J'aimerais savoir l'origine et l'histoire de l'anglais rastafari, l'« Iyaric »
Question d'origine :
J'aimerais savoir l'origine et l'histoire de l'anglais rastafari, l'« Iyaric ». Y a-t-il des études qui lui sont consacrées ? Existe-t-il encore en 2023 ? Quels sont des exemples de mots contestataires vis-à-vis de l'Occident (Babylone) ? Y a-t-il de grands auteurs qui l'utilisent ?
Réponse du Guichet
Le I-yaric, dread-talk ou parler rasta constitue une forme très originale de réinvention de la langue anglaise, au carrefour du politique, du religieux et du culturel.
Le I-yaric ou Dread-talk puise son origine dans le Rastafarisme, ce mouvement politique et religieux qui voit le jour en Jamaïque, dans les années 1930. Pour rappel, le Rastafarisme prône, en s'appuyant sur une lecture messianique de la Bible, un retour en Afrique des descendants d’esclaves exilés sur le continent américain et dans la zone caribéenne. Car, en dépit de l’abolition de l’esclavage, les conditions de vie des descendants d’esclaves demeurent terriblement précaires et soumises à l’injustice et à l’oppression.
C’est dans ce contexte que naît le I-yaric ou dread-talk. La langue anglaise étant perçue comme la langue de l’oppresseur et donc corrompue, il s’agit de s’en affranchir en se réappropriant la langue et ses concepts. Il faut, en effet, décoloniser les esprits.
La domination Blanche ou plutôt "Babylon", comme la qualifie les Rastas, se trouve au cœur de la critique de ce mouvement. Il est intéressant d’ailleurs de noter la polysémie du terme "Babylon", dans la culture Rasta. Cela peut désigner tout aussi bien une organisation qui opprime des innocents, comme la police ou le gouvernement que le monde matérialiste façonné par l’homme blanc.
Dans ce registre contestataire, nous pouvons souligner l’inventivité de ce langage en mentionnant, par exemple, les mots-valises, trouvailles de Peter Tosh, dans ses chansons, tels que «shitstem» (system) ou encore «polytricks» (politics), qui résume bien le sentiment que peut inspirer à certains la politique. «Trick» signifiant tour, ruse, en anglais.
Autre exemple, le remplacement d’un préfixe ou d’un suffixe par un autre afin de davantage faire correspondre le sens d’un mot avec sa sonorité. Pour la culture rasta, il est ainsi difficilement concevable que le mot qui désigne quelqu’un d’opprimé (oppressed) commence par le son «up». On lui préfèrera donc «downpression», qui reflète mieux le rapport d’infériorité entre des individus.

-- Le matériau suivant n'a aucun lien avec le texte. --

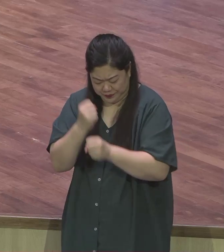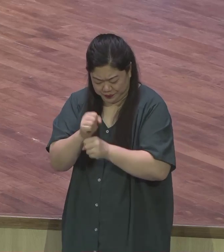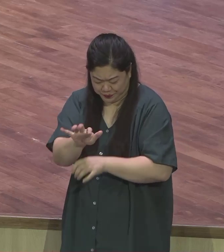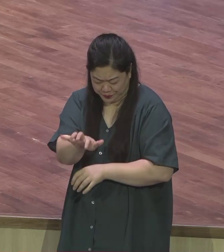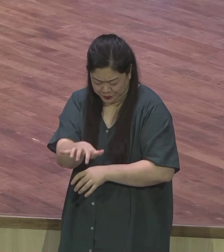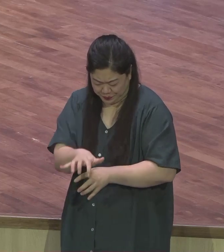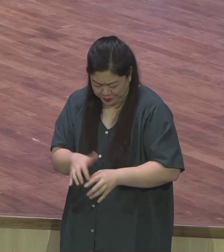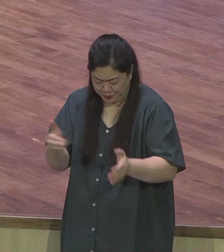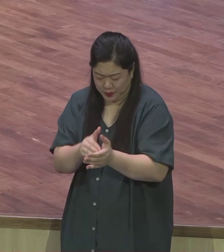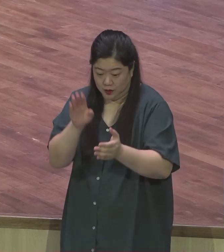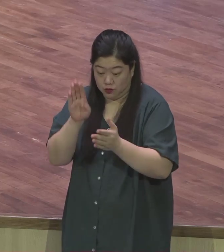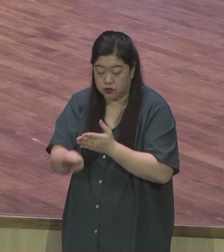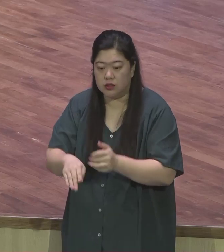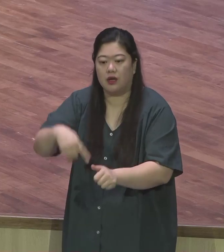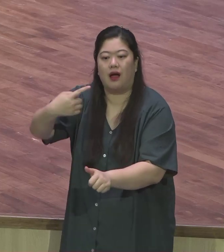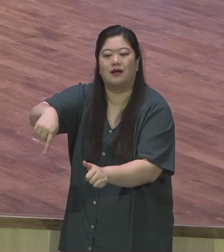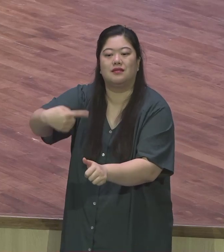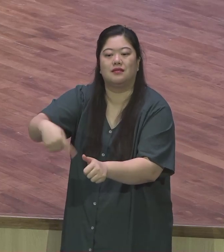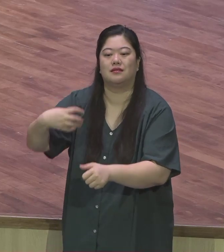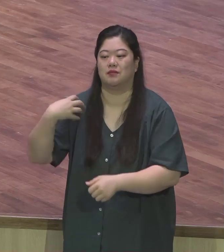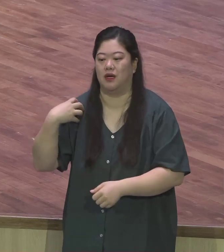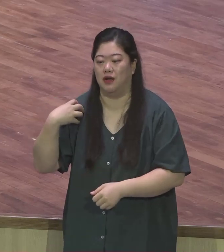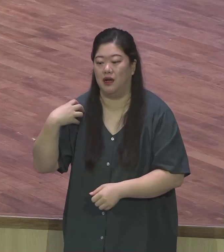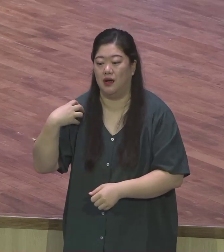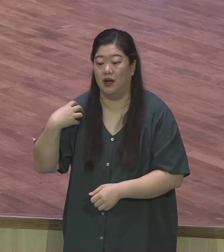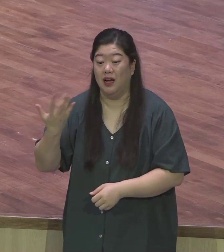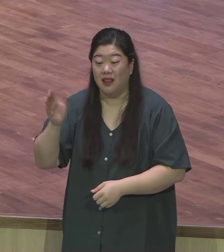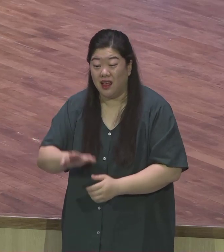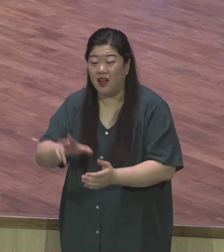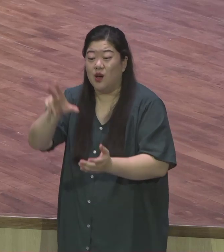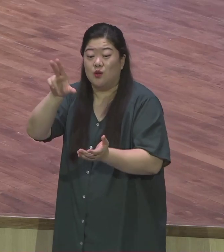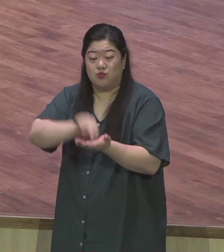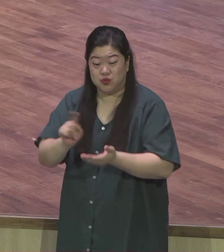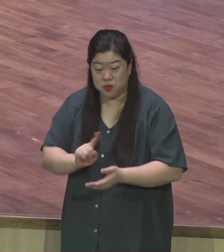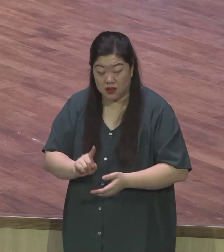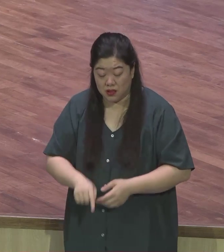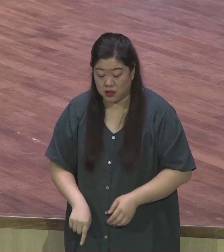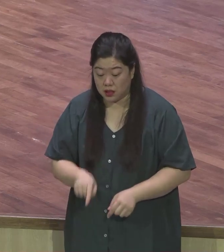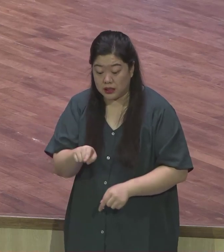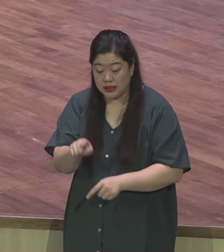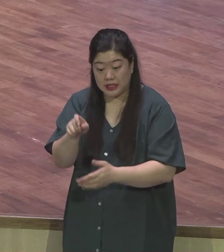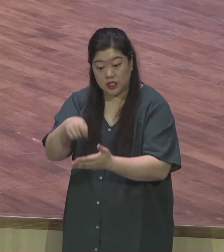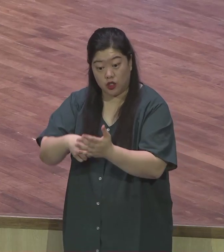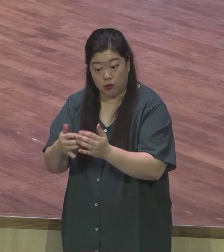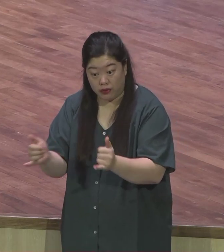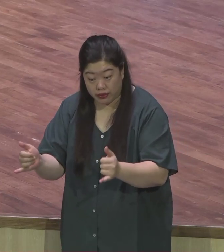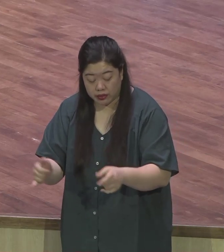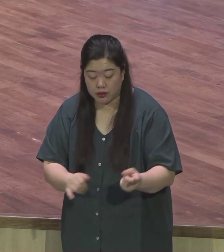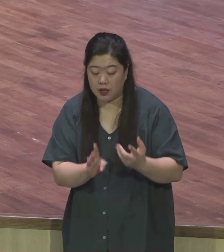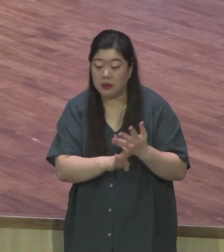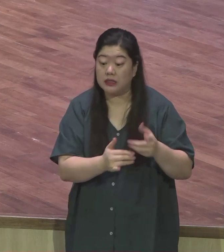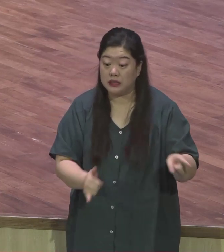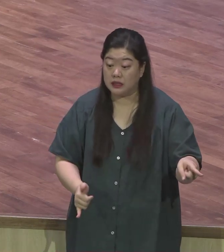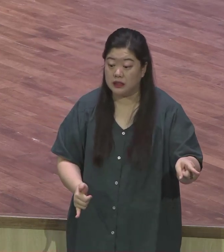메시아를 기다렸던 그들이 정작 정말 기다리던 메시아 바로 그리스도를 알아보지 못한 영적인

S’il est difficile de citer des écrivains qui ont adopté ce langage dans leurs œuvres, à l’exception notable du Nobel de Littérature 1992, Dereck Walcott, nous pouvons toutefois affirmer que le reggae a constitué une formidable caisse de résonance culturelle pour la diffusion du dread-talk. En effet, qui n’a pas déjà essayé de déchiffrer les messages politiques de Bob Marley? Nous conclurons justement sur l’un des meilleurs titres de ce dernier, dans sa version "Live at the Lyceum", «Them belly full but we hungry». Ce titre illustre parfaitement les subtilités du dread-talk et la critique politique qu’il contient. En bon anglais, ce titre devrait, en effet, s’énoncer «their belly are full but we are hungry– leurs ventres sont pleins mais nous avons faim». Il faut remarquer l’ellipse des verbes, ici, ainsi que l’inversion pronominale (them pour their) si typiques du dread-talk.
Le dread-talk se distinguant avant tout par sa forme orale, il peut s'avérer compliqué de trouver des textes sur le sujet. Notre réponse s'appuie d'ailleurs principalement sur des blogs de passionnés et sur l'article de l'encyclopédie Universalis consacré au Rastafarisme. Cependant, nous vous signalons le livre suivant, non traduit en français, qui fait référence sur le sujet mais auquel, malheureusement, nous n'avons pu avoir accès que partiellement sur le Web :
Dread-talk : the language of Rastafari de Velma Pollard.